1. Assume both bulbs have resistances equal to the average of their in-circuit operating resistance. Do the following for either the circuit of Fig. 4 or of figure 5. Call the current entering the terminals ABC (towards the C (or L) and the lamps) IA, IB, IC. Write KVL to give three equations for the voltages, VAB, VBC, and VCA in terms of the three currents. Since these voltages are known and assumed balanced, you have three equations in three unknowns. Using KCL at the node labelled n one can easily reduce the number of unknowns to two and use only two of the KVL equations. Some may find this approach easier to follow. A third approach is to use the superposition principle to find the voltage at the central node and from it the voltages across each element and the individual currents.

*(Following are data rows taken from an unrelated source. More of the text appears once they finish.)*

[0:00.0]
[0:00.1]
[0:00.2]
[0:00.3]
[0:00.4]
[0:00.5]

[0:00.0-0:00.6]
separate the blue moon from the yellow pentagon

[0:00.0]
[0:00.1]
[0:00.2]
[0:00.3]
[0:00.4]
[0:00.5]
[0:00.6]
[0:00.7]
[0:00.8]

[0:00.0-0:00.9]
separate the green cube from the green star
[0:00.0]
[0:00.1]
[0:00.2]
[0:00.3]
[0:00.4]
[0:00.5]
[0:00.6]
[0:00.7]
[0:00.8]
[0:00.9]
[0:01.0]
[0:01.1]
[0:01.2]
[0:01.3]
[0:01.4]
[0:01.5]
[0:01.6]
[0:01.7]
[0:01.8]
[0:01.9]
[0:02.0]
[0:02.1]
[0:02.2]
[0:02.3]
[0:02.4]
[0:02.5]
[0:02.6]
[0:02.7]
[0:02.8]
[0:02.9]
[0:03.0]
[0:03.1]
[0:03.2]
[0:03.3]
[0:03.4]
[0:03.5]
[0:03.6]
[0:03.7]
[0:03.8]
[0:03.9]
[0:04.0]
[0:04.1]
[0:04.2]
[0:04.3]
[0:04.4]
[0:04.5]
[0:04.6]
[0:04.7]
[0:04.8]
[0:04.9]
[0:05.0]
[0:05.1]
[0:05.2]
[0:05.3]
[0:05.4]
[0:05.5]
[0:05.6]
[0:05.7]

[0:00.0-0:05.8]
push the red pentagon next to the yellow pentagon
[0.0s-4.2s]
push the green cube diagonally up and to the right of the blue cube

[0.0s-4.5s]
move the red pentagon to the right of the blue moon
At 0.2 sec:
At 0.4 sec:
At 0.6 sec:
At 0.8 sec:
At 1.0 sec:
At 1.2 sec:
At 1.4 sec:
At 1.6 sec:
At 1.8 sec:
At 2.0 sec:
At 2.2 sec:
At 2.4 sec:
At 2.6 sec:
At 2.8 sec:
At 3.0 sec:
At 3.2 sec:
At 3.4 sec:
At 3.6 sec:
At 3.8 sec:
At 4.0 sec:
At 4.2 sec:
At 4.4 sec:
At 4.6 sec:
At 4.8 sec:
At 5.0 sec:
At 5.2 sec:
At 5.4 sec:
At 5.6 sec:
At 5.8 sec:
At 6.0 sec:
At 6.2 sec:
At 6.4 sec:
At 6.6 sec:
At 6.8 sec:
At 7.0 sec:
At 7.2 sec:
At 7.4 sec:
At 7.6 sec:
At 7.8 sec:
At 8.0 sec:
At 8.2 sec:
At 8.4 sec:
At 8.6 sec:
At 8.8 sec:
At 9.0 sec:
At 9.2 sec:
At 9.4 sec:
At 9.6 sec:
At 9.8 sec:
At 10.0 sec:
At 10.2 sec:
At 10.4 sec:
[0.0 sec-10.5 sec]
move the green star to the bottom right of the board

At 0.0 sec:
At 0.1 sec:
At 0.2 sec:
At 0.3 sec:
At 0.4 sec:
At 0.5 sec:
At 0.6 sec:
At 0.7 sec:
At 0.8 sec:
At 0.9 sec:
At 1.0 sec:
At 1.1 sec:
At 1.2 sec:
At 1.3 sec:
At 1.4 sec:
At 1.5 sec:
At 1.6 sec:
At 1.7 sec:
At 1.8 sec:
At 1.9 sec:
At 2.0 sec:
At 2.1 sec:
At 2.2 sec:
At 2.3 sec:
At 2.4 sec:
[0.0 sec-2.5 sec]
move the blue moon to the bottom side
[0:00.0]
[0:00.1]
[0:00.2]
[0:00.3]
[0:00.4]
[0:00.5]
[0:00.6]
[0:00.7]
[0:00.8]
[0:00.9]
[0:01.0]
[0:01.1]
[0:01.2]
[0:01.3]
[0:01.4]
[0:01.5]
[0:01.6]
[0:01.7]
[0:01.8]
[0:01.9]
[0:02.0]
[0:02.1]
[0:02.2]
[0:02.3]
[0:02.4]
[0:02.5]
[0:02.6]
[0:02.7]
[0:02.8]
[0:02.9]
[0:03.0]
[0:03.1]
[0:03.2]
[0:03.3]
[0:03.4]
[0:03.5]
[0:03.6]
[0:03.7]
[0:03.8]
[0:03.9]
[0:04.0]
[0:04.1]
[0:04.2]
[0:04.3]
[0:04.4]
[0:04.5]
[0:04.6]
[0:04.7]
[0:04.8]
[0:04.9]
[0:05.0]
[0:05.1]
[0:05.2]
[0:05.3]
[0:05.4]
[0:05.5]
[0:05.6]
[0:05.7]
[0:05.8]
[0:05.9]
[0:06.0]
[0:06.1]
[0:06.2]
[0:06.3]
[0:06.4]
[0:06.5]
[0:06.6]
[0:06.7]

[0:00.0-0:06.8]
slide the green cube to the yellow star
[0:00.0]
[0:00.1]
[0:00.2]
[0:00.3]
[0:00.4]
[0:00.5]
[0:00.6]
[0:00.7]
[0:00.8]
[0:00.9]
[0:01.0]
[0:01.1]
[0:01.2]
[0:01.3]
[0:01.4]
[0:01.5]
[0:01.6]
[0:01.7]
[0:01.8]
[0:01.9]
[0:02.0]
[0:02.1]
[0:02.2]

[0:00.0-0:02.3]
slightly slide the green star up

Obviously, a third approach is to simulate the circuit in multi-sim. You may choose any method to solve for the expected currents, voltages and powers into each light bulb for the phase sequence you assume to confirm how this circuit works (see report section). Ask your instructor if you need more help. You may find useful hints in the following Matlab-like statement:
2. V_rs= (-j/Xc)Ir - Rs*Is

V_tr = (j/Xc)Ir +Rt*It

V_st = -Rt*It + Rs*Is

V_st = 1; V_tr = a^2; V_rs = a; V = [a ;a^2;1];

Z = [-j/Xc  -Rs  0; j/Xc  0  Rt;  0  Rs –Rt];

Function[Ir, Is, It] = sequence(a,Xc,Rs,Rt)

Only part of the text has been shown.